[Start of section]

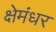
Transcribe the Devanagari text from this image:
क्षेमंधर
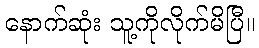
နောက်ဆုံး သူ့ကိုလိုက်မိပြီ။
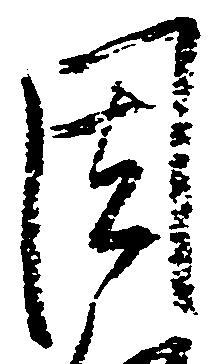
周
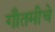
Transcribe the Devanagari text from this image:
गौतमीचे
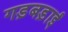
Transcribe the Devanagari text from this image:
गड़बड़ाई
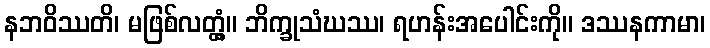
နဘဝိဿတိ၊ မဖြစ်လတ္တံ့။ ဘိက္ခုသံဃဿ၊ ရဟန်းအပေါင်းကို။ ဒဿနကာမာ၊
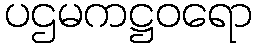
ပဌမကဋ္ဌဝရော
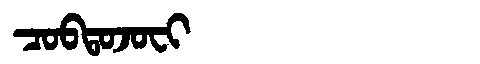
Manchu: ᠴᠣᠪᡨᠣᠵᠣᠸᡳ
Romanization: COBTOJOFI
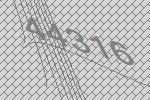
44316
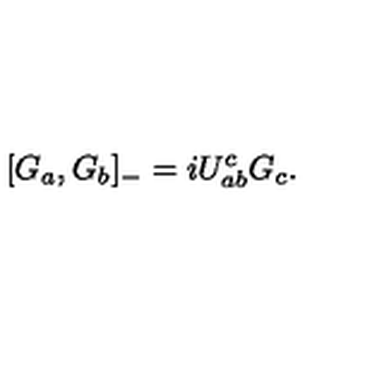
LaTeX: [ G _ { a } , G _ { b } ] _ { - } = i U _ { a b } ^ { c } G _ { c } .
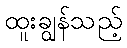
ထူးချွန်သည့်
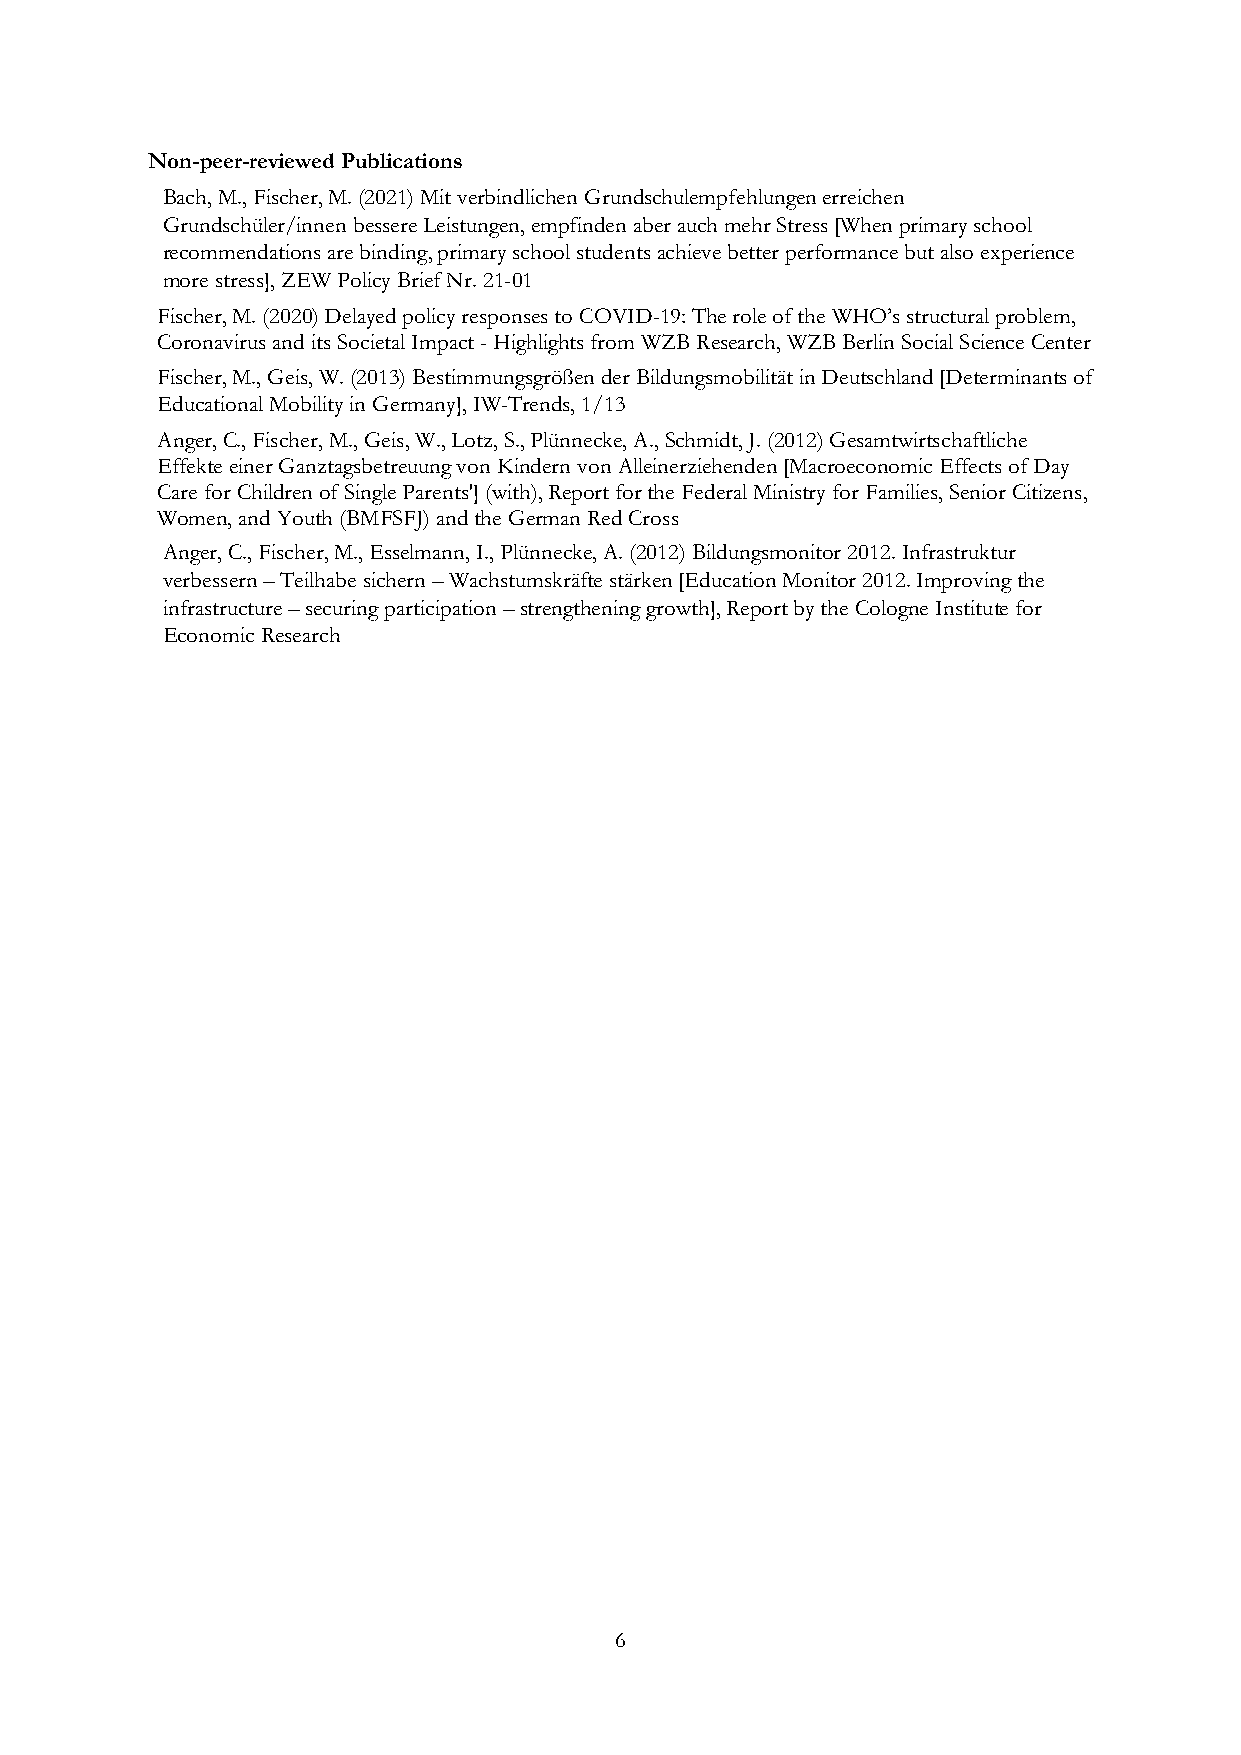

[End of section]

Assignment. Reproduce every entry word for word, but omit the pictures.

Answer box.
Transcribe the Devanagari text from this image:
क्षेमंधर
နောက်ဆုံး သူ့ကိုလိုက်မိပြီ။
周
Transcribe the Devanagari text from this image:
गौतमीचे
Transcribe the Devanagari text from this image:
गड़बड़ाई
နဘဝိဿတိ၊ မဖြစ်လတ္တံ့။ ဘိက္ခုသံဃဿ၊ ရဟန်းအပေါင်းကို။ ဒဿနကာမာ၊
ပဌမကဋ္ဌဝရော
Manchu: ᠴᠣᠪᡨᠣᠵᠣᠸᡳ
Romanization: COBTOJOFI
44316
LaTeX: [ G _ { a } , G _ { b } ] _ { - } = i U _ { a b } ^ { c } G _ { c } .
ထူးချွန်သည့်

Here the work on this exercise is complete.